Read Tim Wu's "The Master Switch" for a much more complete history of Radio, Television, Film, Phone and Internet communication companies in the USA. It's a fantastic read and provides the background for intelligent conversations about the telecommunications industry.
http://io9.com/5691604/how-ma-bell-shelved-the-future-for-60...
Google does cool stuff, but saying no one else is seems pretty ignorant
interesting conclusion. i must be hallucinating my macbook air, mac pro, os x + apps, and airport network then.
So:
1. A smaller, lighter, computer in an industry where every generation of devices is smaller and lighter. A trend that existed before Apple even made laptops.
2. Mac Pro. A faster, more powerful, computer in an industry where every generation of devices is faster and more powerful. A trend that existed before the Macintosh existed.
3. OS X + Apps. I consider the app store a step backward for humanity, as it centralizes something that had been decentralizing and democratizing over decades of hard fought battles between open and closed. The best things about OS X are the best things about UNIX. And, I consider Linux a better UNIX (but, I'm willing to admit that the Macintosh experience for most users is superior, due to it being a unified hardware+software product, wherein Apple can make it all work together flawlessly). I don't consider it revolutionary, however.
4. Airport?
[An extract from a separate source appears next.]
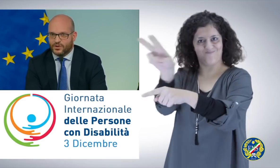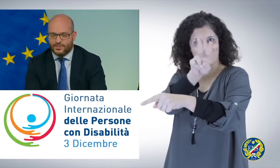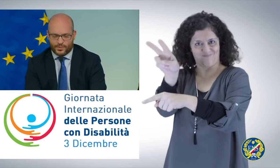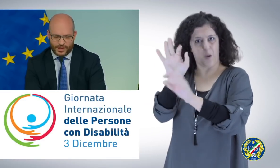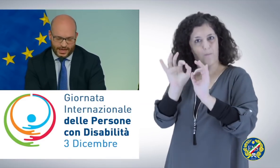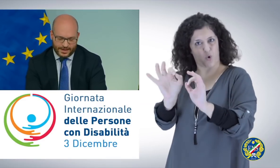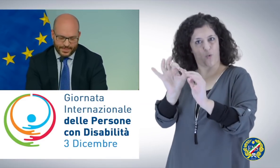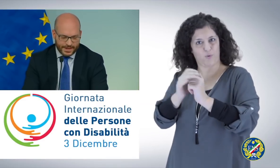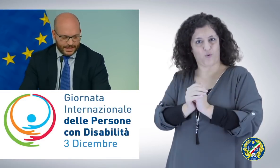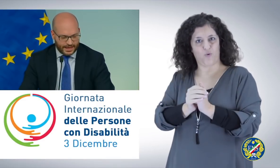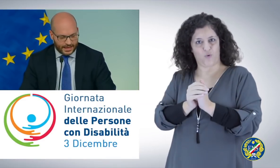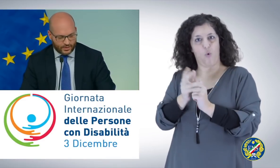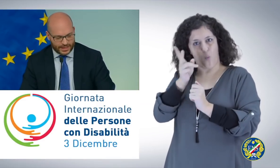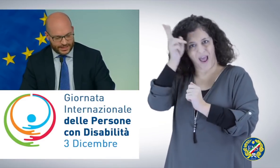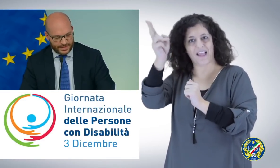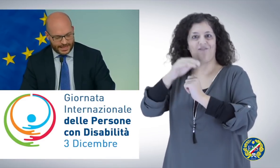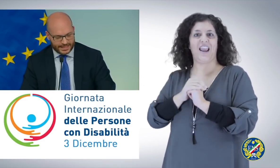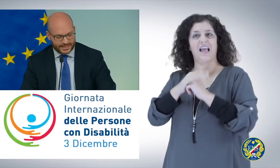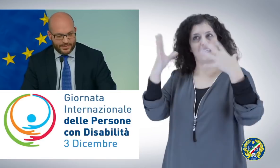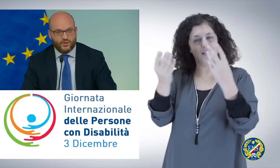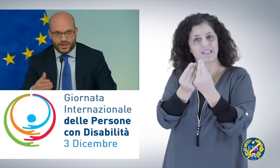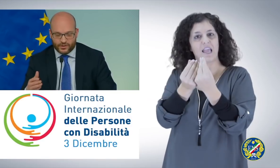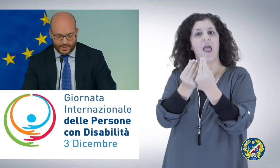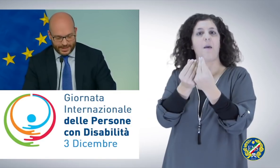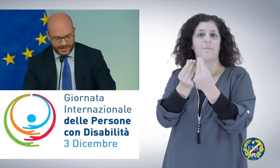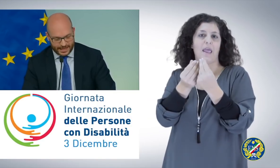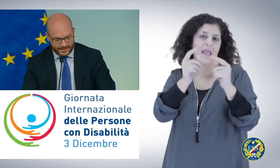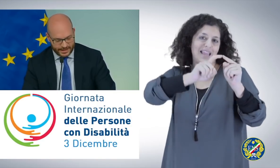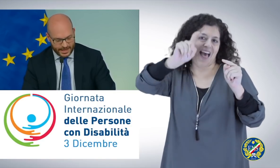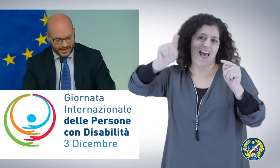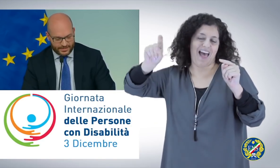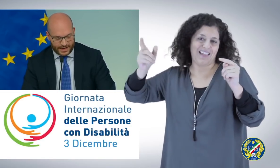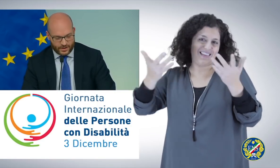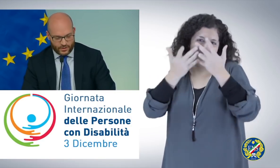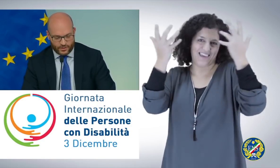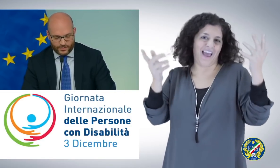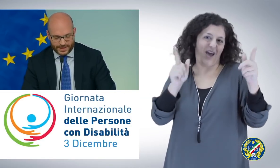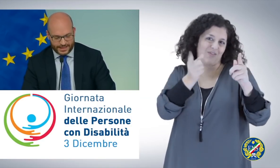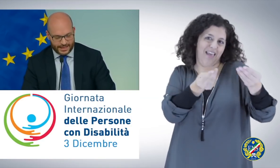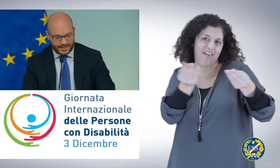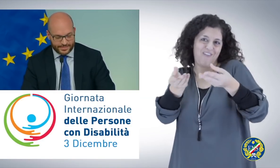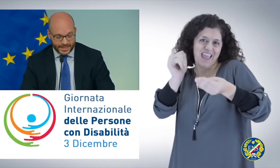svolta proprio dalla Guardia di Finanza assieme con ovviamente i dati che verranno fatti dall'Inps.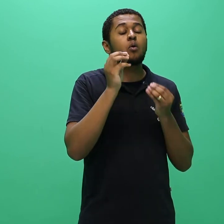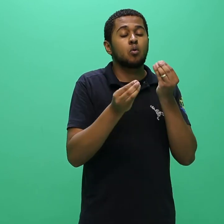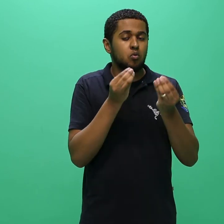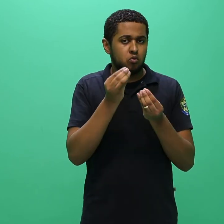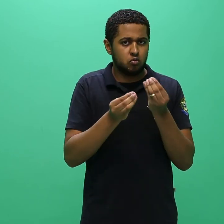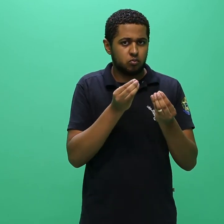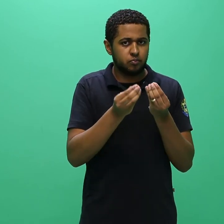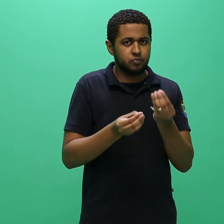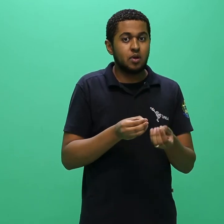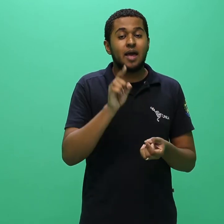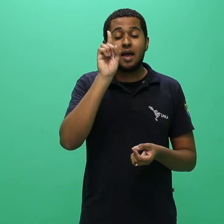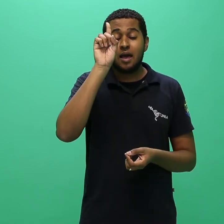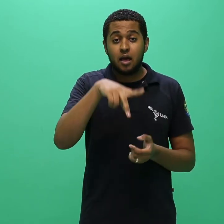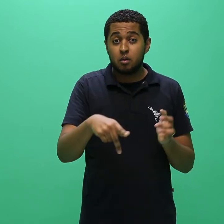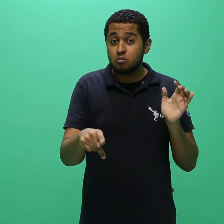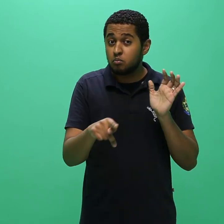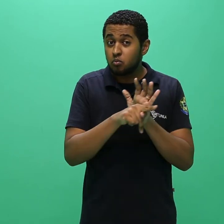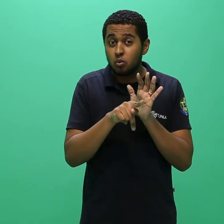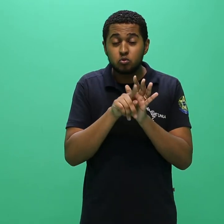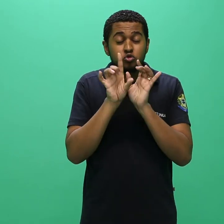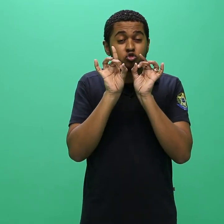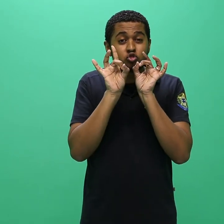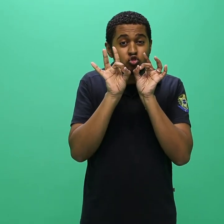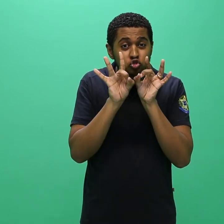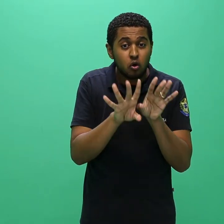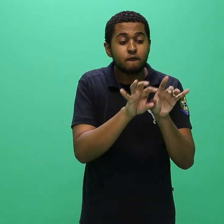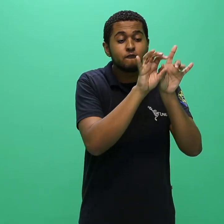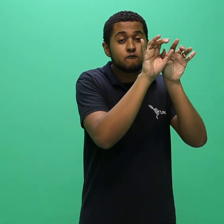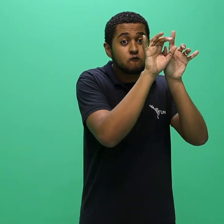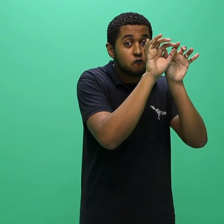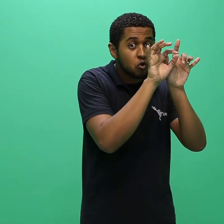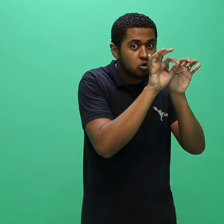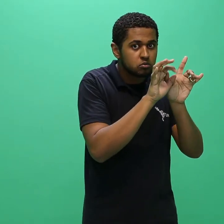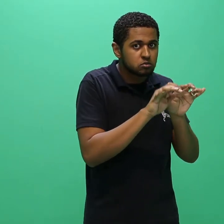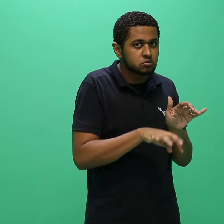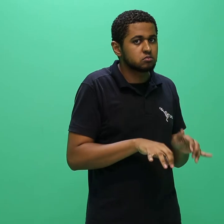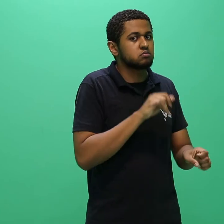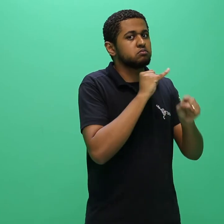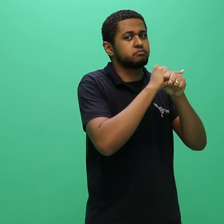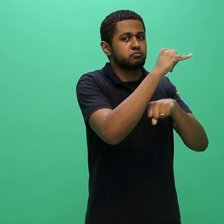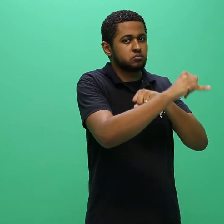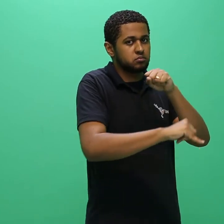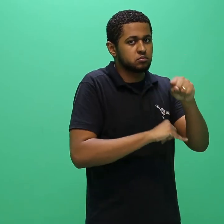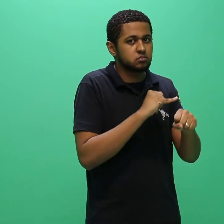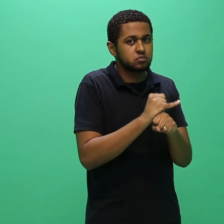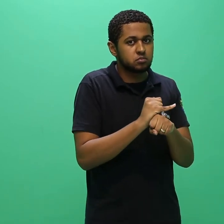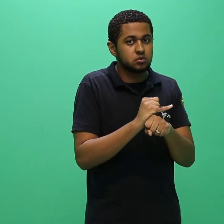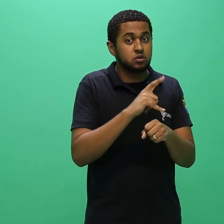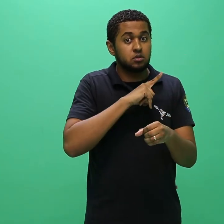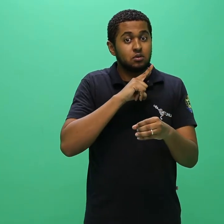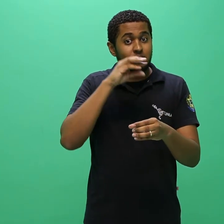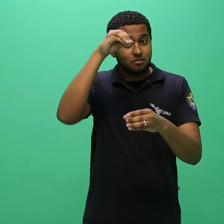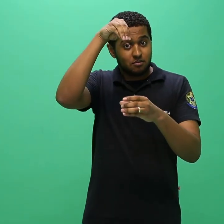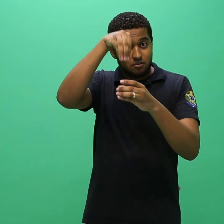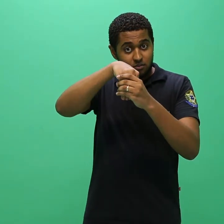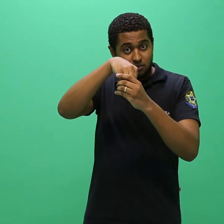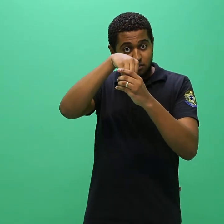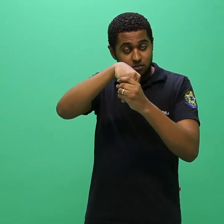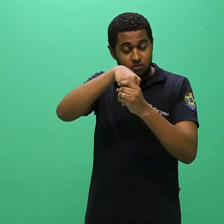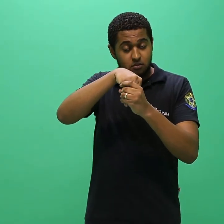será realizado exclusivamente por formulário eletrônico online disponibilizado

WTF? Expensive WiFi is revolutionary?
I'm not really an Apple hater (aside from my strong preference for Open Source over proprietary, especially in important platform choices), but it's absurd to compare Apple's innovation to self-driving cars (or the kinds of innovation Bell Labs used to lead the way on).
Both are important and needed.
I don't want to take any credit away from Google. But there is a thin line between a gimmick and something earth shattering. Unless, I practically see, the practical use of these products (by google) I am more inclined to think, they are merely cheap gimmicks.
Google at best, can replicate a feature. But sadly that trick is no longer working. read: G+ and all they have resorted to gimmicks like this.
Oh yea, I am an Apple asshole but that does not make my above point invalid.
Also, the majority of Google R&D (at least that I am aware of) is much more applied than fundamental. The Google Car and Google Glasses are cool, but they will never win Nobel Prizes.
I'm also not sure which industry Google is supposed to have created?